就冲他对她的礼貌,她也不会太过为难他,笑了笑,然后端起茶杯吹了吹杯子里的热茶,等到茶的温度适中时,缓慢地喝上一口,然后放下了茶杯看向神色一直酷酷的方遥然。
“既然你这么说,那我就开门见山,在我母亲面前散步那些谣言的人是不是你所授意的?”
方遥然也喝了口茶,早就料到她会问起此事,双眸斜睨了曾芷兰一眼回答道:“不错,是我干的。”
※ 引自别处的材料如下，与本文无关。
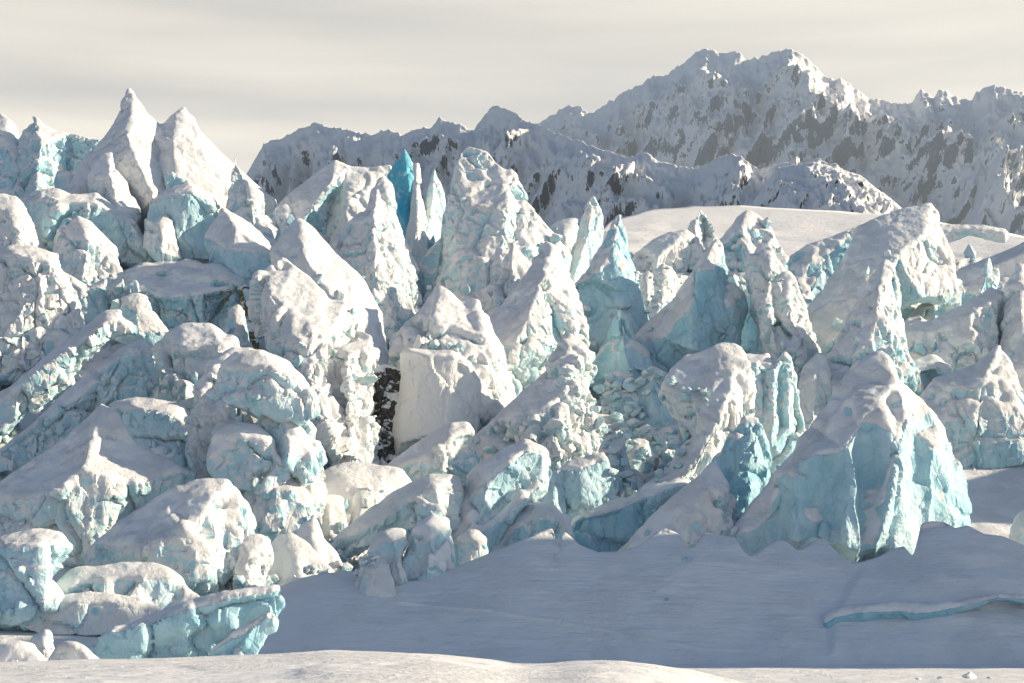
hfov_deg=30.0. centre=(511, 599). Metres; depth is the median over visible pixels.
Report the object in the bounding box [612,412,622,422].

看着他毫无半点悔改之意,表情就和‘我今天吃了一块糖’一样的再平常不过,曾芷兰突然觉得,对于他这种人,是不能用对待寻常人的态度的。
方遥然这种人纯粹的我行我素,别人的眼光、想法对于他来说根本毫无作用,他做出来的事如果他自己觉得对,那就是有人拿枪指在他头上要他说‘我错了’,他也不会说。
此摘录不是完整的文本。